### WHAT YOU WILL DO
Exact copy, no pictures: reproduce the lines from the one that holds "Occurring 6.1 seconds after image 1." through the end of the entries.

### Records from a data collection
┄┄┄┄┄┄┄┄┄┄

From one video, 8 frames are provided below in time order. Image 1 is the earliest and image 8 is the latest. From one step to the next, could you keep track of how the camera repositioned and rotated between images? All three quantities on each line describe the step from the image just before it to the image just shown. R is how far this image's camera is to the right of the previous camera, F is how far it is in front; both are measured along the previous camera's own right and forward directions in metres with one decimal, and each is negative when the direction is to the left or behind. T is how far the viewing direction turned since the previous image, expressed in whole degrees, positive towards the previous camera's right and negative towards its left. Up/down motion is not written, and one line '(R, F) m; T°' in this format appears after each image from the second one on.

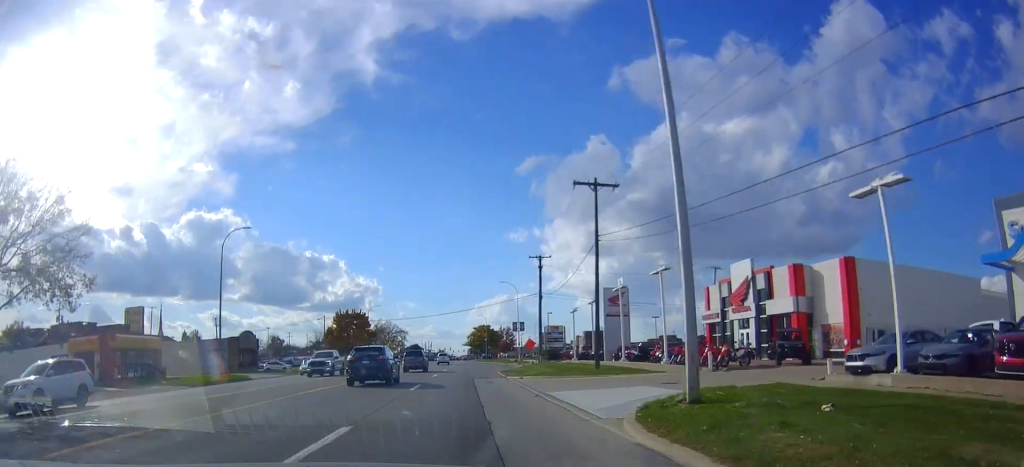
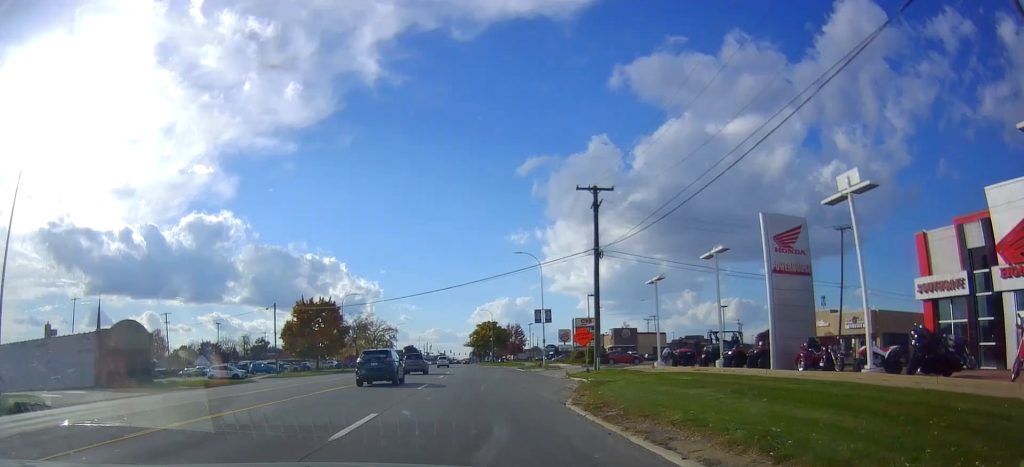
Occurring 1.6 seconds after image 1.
(-0.1, +27.5) m; +1°
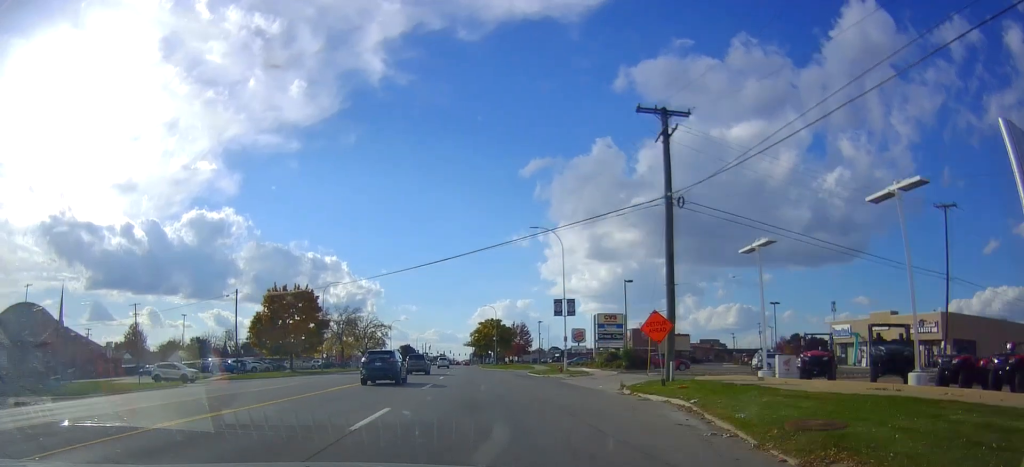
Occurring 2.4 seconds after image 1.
(+0.3, +13.6) m; +1°
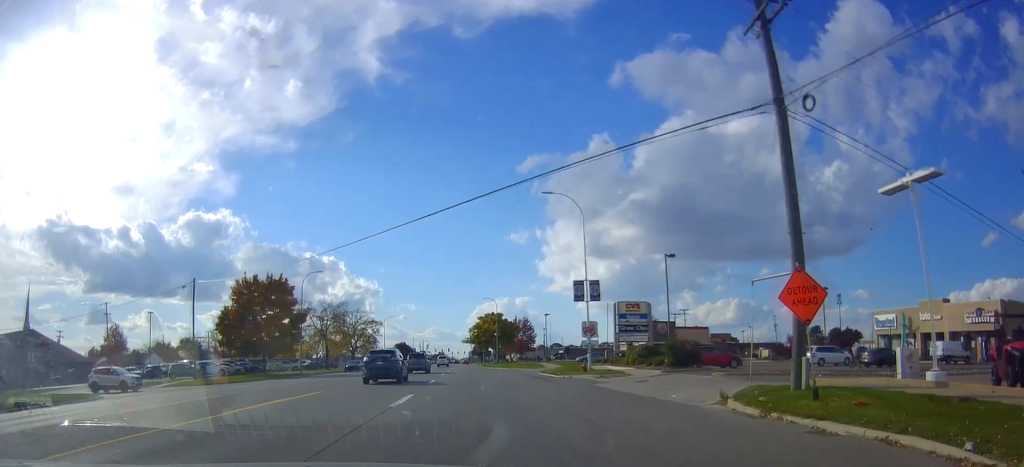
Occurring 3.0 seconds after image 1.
(0.0, +10.2) m; 0°
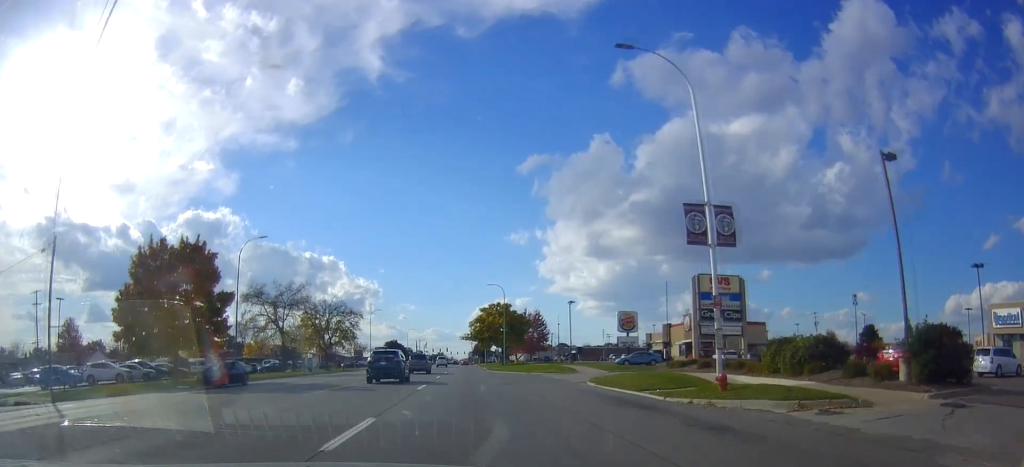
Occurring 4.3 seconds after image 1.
(0.0, +21.4) m; 0°
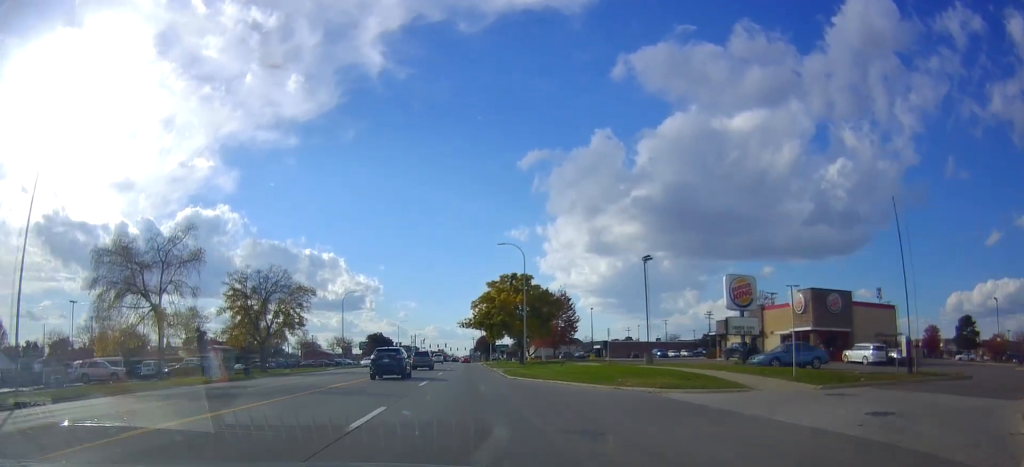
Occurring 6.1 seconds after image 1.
(0.0, +29.5) m; 0°
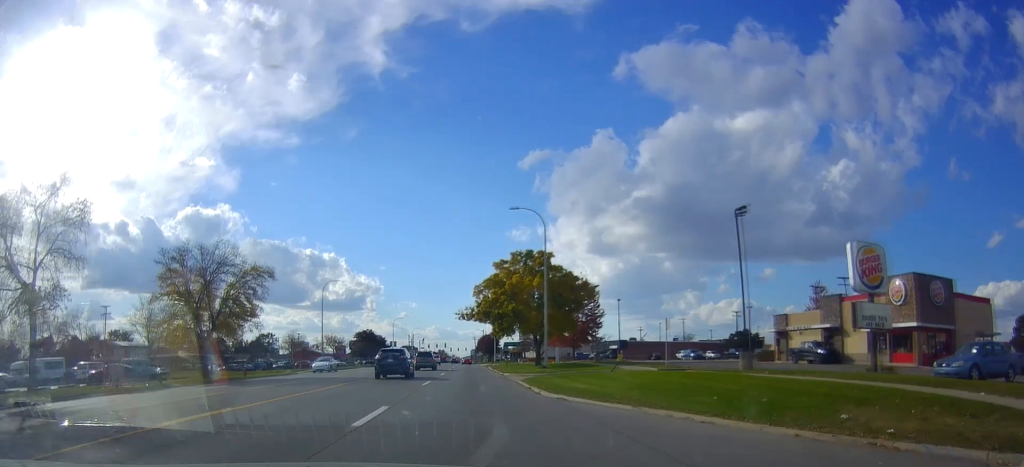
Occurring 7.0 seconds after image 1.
(0.0, +14.9) m; 0°
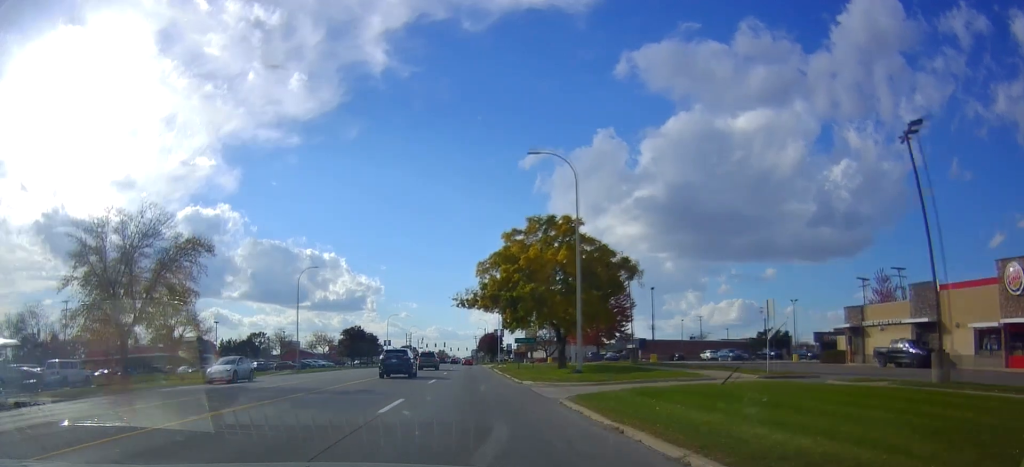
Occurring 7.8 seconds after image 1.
(0.0, +13.0) m; 0°

┄┄┄┄┄┄┄┄┄┄

### RESULT
Occurring 6.1 seconds after image 1.
(0.0, +29.5) m; 0°
Occurring 7.0 seconds after image 1.
(0.0, +14.9) m; 0°
Occurring 7.8 seconds after image 1.
(0.0, +13.0) m; 0°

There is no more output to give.